Bieg Zaślubin już po raz kolejny udowodnił, że początek sezonu na Pomorzu Zachodnim rozpoczyna się właśnie w Kołobrzegu!
Relacja Łukasza Sobczyka
Po raz drugi frekwencja biegu przekroczyła 1000 biegaczy, plasując Kołobrzeski Bieg w ścisłej czołówce biegów na 15 km w Polsce. Takich nietypowych biegów, bo dystans 15 km uważany jest przez biegaczy za nietypowy, jest Polsce ponad 50.
W tym roku karty mieli rozdawać biegacze z Kenii i Ukrainy. I na trasie tak było, ale całe podium należało jednak do biegaczy z Ukrainy.
Pierwszy finiszujący z gości ze Wschodu, a był nim Sergii Ukrainets, nie mógł uwierzyć, że prowadzi. Przez cały bieg zmagał się z dwoma Kenijczykami, a Ci na ostatniej pętli.... wyraźnie go wyprzedzili. Niestety okazało się że Kenijczycy zamiast finiszować, pobiegli zwiedzać Kołobrzeg.
A tak poważnie, zostali źle pokierowani na jednym z punktów i zanim zorientowali się nadrobili spory dystans. Do mety dobiegli dopiero pod koniec piątej dziesiątki. Zwycięstwo mieli pewne pomimo tego, że dzień wcześniej triumfowali w Maniackiej Dziesiątce w Poznaniu i mogli odczuwać przemęczenie.
Organizatorzy honorowo załatwili ten przykry dla nich incydent i pomimo, że Afrykanie nie wygrali biegu, to i tak zostali uhonorowani finansowo tak jakby zajęli dwa czołowe miejsca.

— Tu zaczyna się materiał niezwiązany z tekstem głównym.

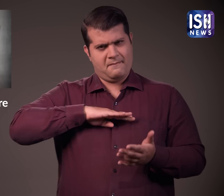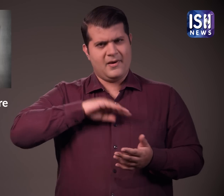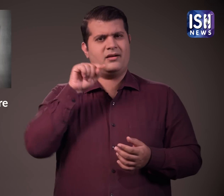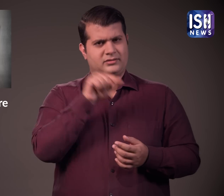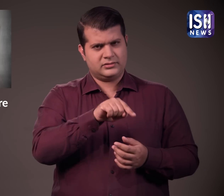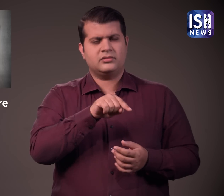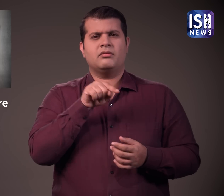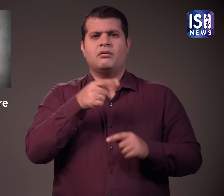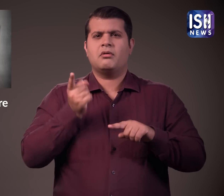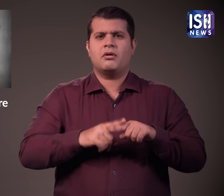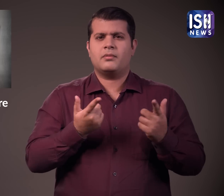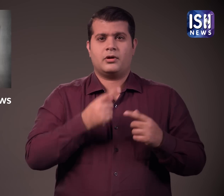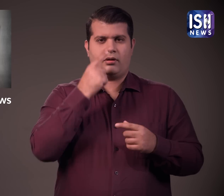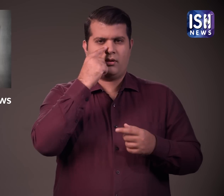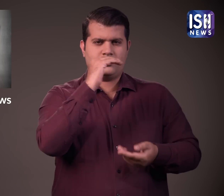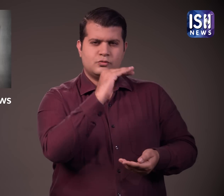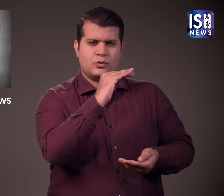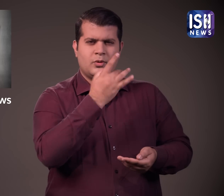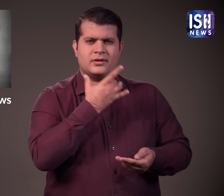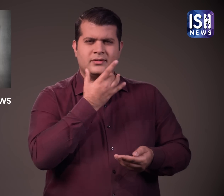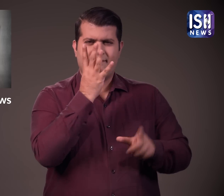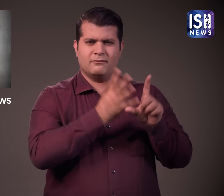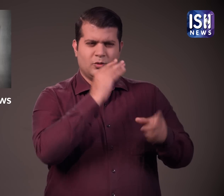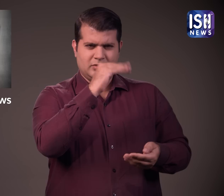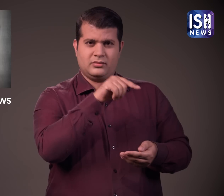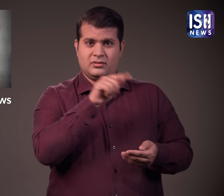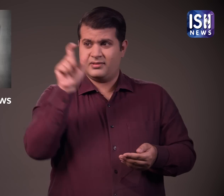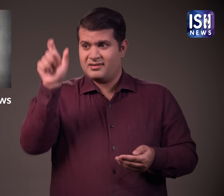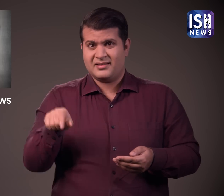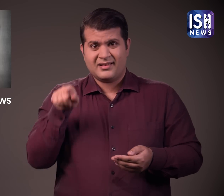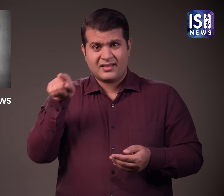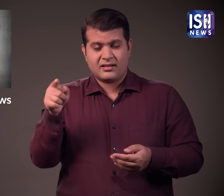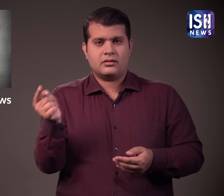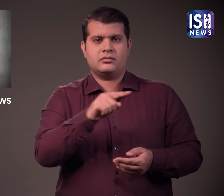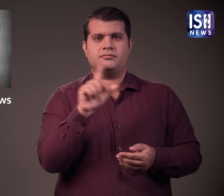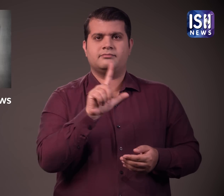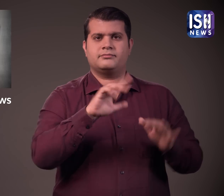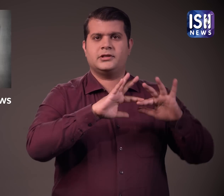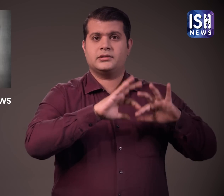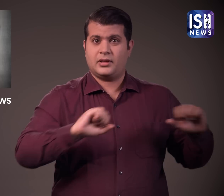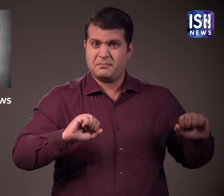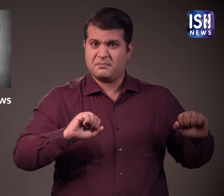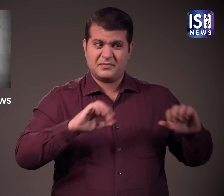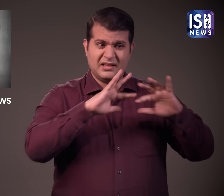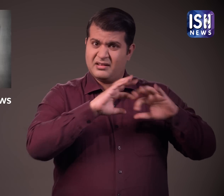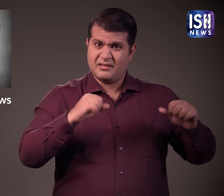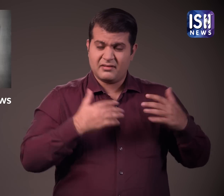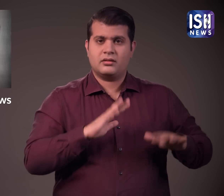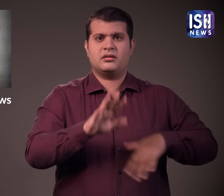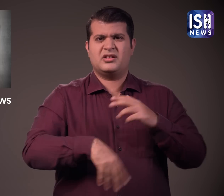ने चार साल की बच्ची के साथ रेब किया और पत्थर मार मार कर उसकी हत्या कर दी
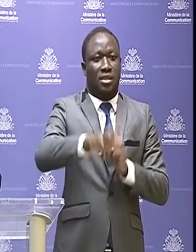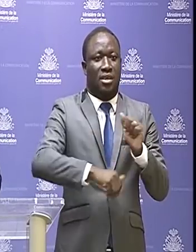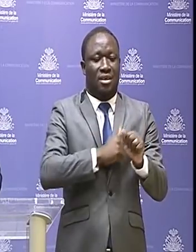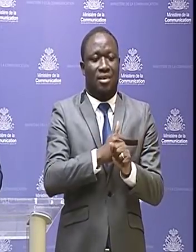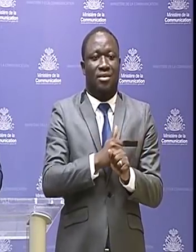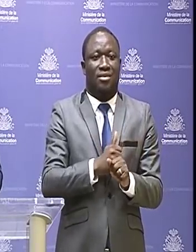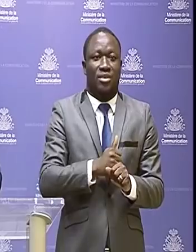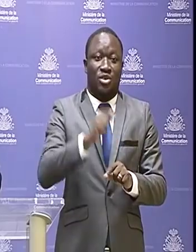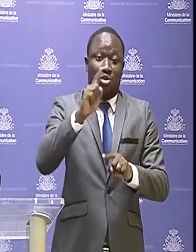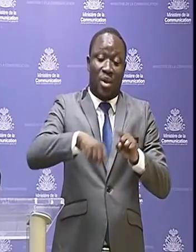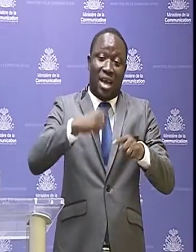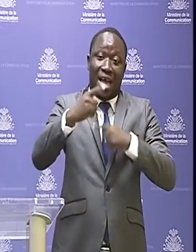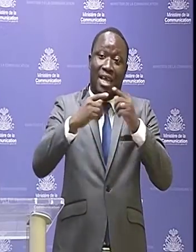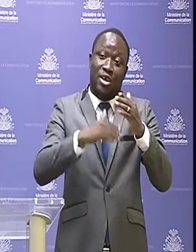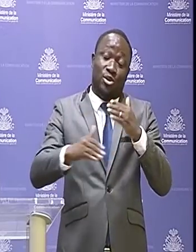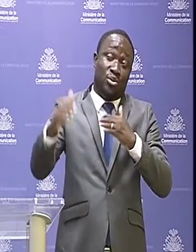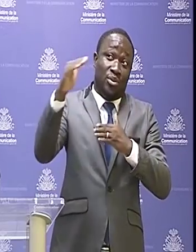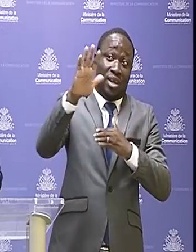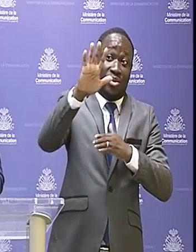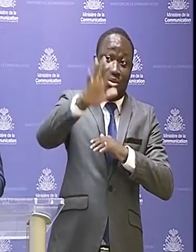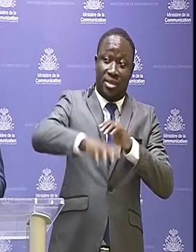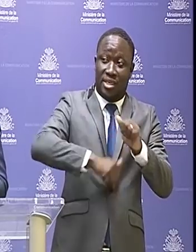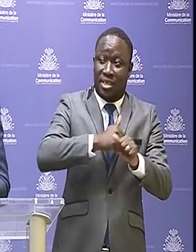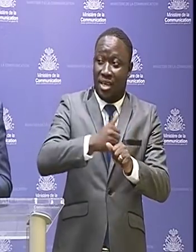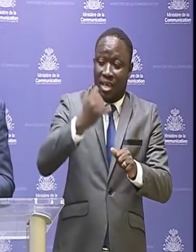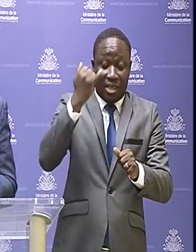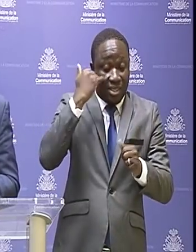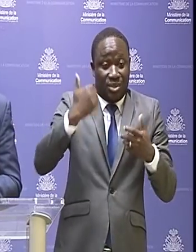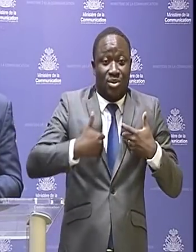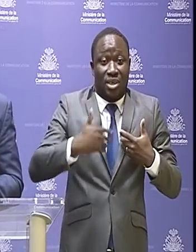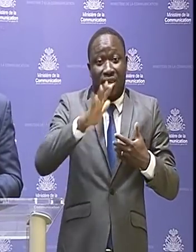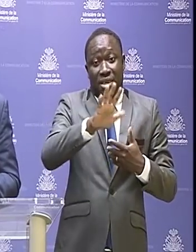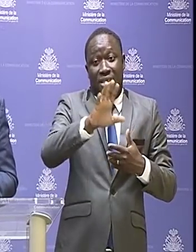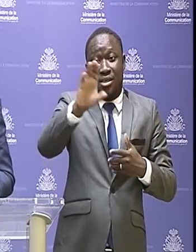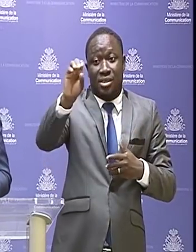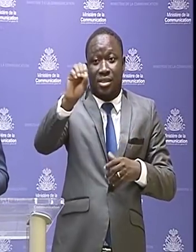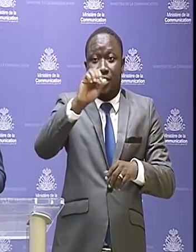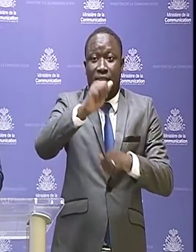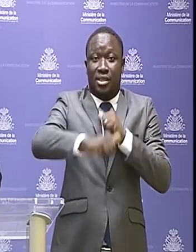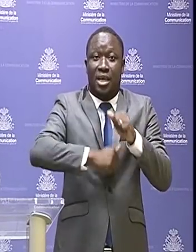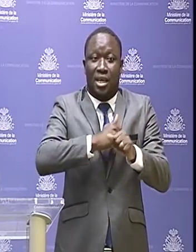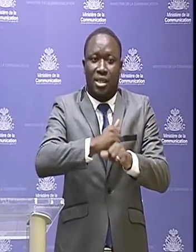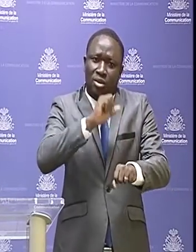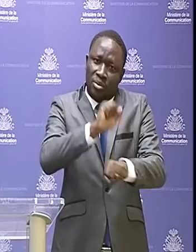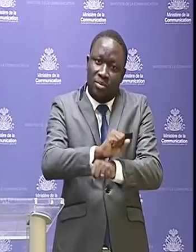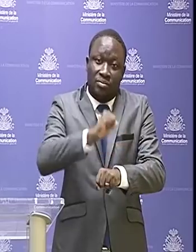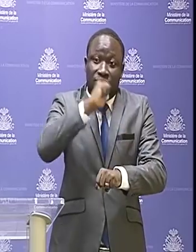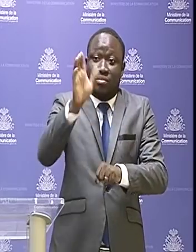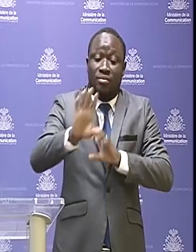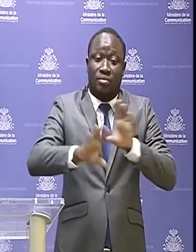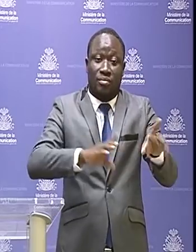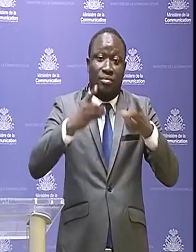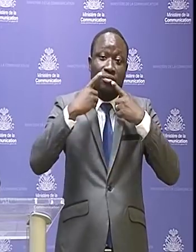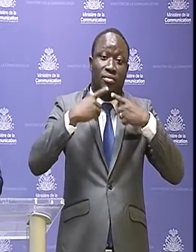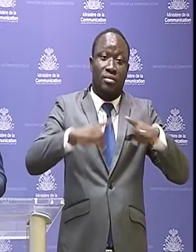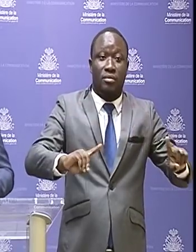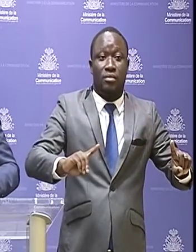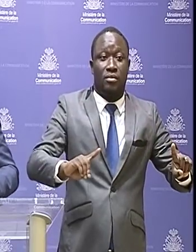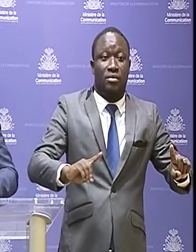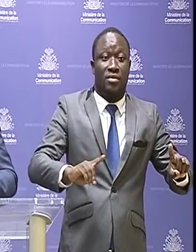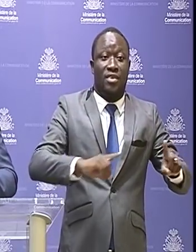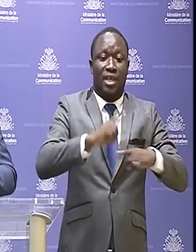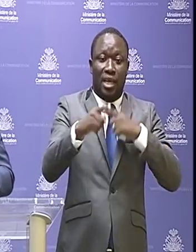an, ke nou baka ale au delà de 5 an. Sou de gen 50 an, ou tap trava, ou pa jam pe déclarasyon definitif d'en posoulouvenu,

Dla zwycięzców - zarówno pierwszej kobiety pierwszego mężczyzny - po raz pierwszy w historii biegu przyznano „Pierścień Biegu Zaślubin”. Miejmy nadziej, że będzie to już tradycją imprezy, bo posrebrzany sygnet z zatopionym w bursztynie herbem Miasta Kołobrzeg prezentował się okazale. Zazdrościmy!
Zamiast tradycyjnych szablonowych pucharów, dla zwycięzców organizator przygotował także specjalne odlewane trofea prezentujące symbol biegu, czyli „Pomnik Zaślubin z Morzem”, Będzie to na pewno miła pamiątka z Kołobrzegu.
Pełne wyniki biegu znajdziecie tradycyjnie w festiwalowym KALENDARZU IMPREZ.
Pogoda jak to w Kołobrzegu wczesną wiosną dało się odczuć powiewem zimnego powietrza znad morza. Ważne, że nie padało jak to było rok temu.
Trasa biegu został znacznie zmieniona w stosunku do poprzednich lat. Zmieniono kierunek biegania przez co większość trasy była z wiatrem. Teoretycznie stwarzało to lepsze warunki do osiągania dobrych czasów. Bieg odbył się na 3 pętlach, ale też ze zmianą. Na początek dwie większe i na koniec jedną krótszą z długim, prostym ponad 800-metrowym odcinkiem idealnym do finiszu.
Choć dla wielu taki długi finisz okazał się wyczerpujący.
Warto nadmienić, ale dzień wcześniej w Kołobrzegu zapoczątkowano lokalnie cykl parkun. Jest to już 20 lokalizacja tego ogólnoświatowego projektu w Polsce. Pierwszy bieg na dystansie 5km pokonało nieco ponad 40 biegaczy. Pewnie wielu nie chciało się eksploatować przed biegiem głównym, a szkoda, bo sobotnie zawody to znakomity trening do wszystkiego! Polecam i zapraszam!
A za rok jubileuszowy - 30. Bieg Zaślubin. Jaki będzie? Poczekamy, zobaczymy!